Pastikan Situs Lemahdhuwur Ditangani Dengan Baik, Tim Jelajah Blora Kembali Lakukan Survey

Tim Jelajah Blora survey Situs Candi Lemahdhuwur.

BloraUpdates – Untuk memastikan bahwa ada penanganan atas terbengkalainya situs cagar budaya setelah bulan Desember 2018 lalu ditemukan tak terurus dalam keadaan porak-poranda, Tim Jelajah Blora kembali melakukan survey di situs sejarah yang terletak di perbatasan Jawa Tengah dan Jawa Timur, tepatnya di Dukuh Lemahdhuwur, Desa Getas, Kecamatan Kradenan, Kabupaten Blora.

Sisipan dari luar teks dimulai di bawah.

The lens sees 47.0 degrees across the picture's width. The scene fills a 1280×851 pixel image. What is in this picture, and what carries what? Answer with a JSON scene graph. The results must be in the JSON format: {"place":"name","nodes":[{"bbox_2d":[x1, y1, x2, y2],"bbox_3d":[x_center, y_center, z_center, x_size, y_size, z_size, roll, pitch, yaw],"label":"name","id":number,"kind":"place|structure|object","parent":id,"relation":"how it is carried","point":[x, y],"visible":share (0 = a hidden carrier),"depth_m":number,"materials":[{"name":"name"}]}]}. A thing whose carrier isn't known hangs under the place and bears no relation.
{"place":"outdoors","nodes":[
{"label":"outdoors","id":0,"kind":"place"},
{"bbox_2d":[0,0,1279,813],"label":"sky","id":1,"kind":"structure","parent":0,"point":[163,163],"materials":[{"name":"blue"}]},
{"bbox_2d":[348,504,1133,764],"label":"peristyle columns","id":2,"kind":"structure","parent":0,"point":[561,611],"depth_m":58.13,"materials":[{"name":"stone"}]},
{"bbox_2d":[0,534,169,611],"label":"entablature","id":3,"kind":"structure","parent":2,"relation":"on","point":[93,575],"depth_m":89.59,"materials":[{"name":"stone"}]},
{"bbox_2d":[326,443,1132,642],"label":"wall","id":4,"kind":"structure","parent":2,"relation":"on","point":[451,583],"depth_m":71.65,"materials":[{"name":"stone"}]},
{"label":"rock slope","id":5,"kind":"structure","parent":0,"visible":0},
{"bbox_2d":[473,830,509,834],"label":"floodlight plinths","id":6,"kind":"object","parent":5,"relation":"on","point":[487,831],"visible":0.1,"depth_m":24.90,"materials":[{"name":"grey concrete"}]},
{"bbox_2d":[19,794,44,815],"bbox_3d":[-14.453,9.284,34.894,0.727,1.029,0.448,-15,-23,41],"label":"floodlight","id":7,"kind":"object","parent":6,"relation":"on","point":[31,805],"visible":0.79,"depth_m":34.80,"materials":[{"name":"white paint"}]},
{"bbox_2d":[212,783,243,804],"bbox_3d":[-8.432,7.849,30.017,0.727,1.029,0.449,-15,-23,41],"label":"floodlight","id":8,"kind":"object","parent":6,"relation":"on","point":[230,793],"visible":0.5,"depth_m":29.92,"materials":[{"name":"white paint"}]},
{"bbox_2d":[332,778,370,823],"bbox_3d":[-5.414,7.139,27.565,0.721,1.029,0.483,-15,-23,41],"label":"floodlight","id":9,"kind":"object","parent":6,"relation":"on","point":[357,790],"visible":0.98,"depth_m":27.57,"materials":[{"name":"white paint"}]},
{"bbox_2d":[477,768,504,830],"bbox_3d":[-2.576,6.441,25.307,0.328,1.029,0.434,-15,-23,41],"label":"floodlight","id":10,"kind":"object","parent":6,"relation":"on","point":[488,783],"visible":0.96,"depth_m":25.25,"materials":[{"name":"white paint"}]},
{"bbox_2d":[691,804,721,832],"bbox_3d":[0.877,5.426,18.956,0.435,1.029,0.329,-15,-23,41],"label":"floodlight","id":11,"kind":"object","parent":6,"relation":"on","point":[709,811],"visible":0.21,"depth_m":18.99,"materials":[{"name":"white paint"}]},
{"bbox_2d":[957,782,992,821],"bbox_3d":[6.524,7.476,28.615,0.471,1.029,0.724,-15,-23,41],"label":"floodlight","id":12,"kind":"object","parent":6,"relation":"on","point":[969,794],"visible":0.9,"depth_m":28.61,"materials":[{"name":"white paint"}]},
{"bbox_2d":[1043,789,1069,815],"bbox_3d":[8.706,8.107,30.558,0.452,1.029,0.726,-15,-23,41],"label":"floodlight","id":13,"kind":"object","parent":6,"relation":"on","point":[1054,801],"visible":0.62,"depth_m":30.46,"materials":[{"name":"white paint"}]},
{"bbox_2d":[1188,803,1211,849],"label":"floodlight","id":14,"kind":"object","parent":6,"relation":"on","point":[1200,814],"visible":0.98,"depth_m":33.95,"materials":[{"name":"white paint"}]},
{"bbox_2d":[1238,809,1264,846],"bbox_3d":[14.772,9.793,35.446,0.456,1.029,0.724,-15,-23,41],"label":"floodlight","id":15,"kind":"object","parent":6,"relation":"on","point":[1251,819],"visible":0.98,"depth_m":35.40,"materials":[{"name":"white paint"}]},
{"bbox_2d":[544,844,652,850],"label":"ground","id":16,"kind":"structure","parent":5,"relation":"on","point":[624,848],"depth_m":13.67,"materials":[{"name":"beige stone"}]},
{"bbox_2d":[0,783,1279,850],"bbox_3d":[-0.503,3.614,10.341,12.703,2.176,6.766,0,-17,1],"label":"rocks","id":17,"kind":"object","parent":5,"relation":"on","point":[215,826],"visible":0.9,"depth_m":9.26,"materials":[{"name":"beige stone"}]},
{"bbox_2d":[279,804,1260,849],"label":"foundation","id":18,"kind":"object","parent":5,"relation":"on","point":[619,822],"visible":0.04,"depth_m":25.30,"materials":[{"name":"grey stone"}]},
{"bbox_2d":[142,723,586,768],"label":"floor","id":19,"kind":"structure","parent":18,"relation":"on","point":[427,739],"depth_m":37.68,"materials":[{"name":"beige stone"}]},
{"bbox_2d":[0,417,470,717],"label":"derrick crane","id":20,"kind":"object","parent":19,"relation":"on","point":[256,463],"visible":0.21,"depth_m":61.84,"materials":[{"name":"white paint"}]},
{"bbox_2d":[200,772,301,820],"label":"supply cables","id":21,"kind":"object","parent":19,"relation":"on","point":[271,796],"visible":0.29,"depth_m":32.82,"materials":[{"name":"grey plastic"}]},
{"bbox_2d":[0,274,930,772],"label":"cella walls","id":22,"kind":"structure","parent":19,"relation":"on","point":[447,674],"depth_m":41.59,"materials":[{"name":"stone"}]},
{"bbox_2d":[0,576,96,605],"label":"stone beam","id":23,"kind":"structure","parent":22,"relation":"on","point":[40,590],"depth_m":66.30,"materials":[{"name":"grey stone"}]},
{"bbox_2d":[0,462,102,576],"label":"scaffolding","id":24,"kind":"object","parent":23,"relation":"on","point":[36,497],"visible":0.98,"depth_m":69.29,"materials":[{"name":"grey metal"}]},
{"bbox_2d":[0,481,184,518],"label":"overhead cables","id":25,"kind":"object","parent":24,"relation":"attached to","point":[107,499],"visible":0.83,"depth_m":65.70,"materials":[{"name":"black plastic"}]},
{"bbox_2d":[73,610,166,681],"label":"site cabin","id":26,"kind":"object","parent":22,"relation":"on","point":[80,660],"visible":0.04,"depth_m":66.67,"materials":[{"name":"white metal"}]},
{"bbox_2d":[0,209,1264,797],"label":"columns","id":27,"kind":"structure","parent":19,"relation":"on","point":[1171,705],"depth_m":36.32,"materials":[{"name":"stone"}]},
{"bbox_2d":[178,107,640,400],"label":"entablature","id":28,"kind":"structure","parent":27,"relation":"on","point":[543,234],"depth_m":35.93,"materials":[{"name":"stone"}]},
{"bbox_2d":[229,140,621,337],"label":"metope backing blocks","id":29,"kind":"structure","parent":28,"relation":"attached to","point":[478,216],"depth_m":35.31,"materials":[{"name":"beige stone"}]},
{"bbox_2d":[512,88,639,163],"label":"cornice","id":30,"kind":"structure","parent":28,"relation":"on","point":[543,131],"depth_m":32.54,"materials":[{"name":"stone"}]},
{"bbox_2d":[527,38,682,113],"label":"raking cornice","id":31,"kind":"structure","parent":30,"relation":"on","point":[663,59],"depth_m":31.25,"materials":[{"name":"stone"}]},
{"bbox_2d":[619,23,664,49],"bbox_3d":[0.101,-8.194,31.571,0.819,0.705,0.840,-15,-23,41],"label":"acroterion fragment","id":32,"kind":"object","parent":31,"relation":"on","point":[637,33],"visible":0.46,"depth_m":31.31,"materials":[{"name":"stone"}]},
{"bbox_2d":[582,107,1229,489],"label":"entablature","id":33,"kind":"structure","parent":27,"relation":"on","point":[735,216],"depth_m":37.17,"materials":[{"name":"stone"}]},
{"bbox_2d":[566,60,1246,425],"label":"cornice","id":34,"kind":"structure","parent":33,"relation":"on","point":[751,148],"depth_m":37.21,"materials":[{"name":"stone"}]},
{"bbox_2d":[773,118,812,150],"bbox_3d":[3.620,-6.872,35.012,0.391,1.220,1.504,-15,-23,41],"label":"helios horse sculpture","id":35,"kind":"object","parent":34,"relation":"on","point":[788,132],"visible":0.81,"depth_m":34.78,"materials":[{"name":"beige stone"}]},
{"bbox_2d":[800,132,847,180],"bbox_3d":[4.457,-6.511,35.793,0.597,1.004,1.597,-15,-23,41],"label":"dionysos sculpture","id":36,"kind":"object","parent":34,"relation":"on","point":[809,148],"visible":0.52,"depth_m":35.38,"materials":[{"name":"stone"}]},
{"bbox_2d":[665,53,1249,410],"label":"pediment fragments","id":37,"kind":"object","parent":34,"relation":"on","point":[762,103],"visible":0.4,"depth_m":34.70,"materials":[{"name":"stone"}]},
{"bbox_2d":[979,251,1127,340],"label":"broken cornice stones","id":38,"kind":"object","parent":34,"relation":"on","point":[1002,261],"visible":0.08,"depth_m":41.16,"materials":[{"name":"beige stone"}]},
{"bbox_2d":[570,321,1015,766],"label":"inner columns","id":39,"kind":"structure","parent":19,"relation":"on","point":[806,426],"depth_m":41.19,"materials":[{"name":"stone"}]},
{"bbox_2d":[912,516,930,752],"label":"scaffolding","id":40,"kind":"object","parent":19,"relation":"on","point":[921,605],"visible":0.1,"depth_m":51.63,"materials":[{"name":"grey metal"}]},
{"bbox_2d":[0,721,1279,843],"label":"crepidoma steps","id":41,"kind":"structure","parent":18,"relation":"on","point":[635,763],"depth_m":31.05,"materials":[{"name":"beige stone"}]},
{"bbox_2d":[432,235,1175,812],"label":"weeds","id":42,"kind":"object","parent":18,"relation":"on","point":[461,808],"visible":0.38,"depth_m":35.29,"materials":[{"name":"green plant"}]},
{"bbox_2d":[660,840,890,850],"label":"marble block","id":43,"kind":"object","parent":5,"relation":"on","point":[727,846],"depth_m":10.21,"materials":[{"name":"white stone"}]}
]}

“Iya, akhir tahun kemarin, atau tepatnya tanggal 31 Desember 2018 kita juga dari sana,” kata Eko Arifianto selaku Koordinator Tim Jelajah Blora, Rabu (9/1) siang.

Eko mengaku bahwa kedatangannya bersama rekan-rekan Jelajah Blora bertujuan untuk mengetahui lebih lanjut respon Pemerintah Kabupaten Blora terkait dengan laporan yang diberikannya.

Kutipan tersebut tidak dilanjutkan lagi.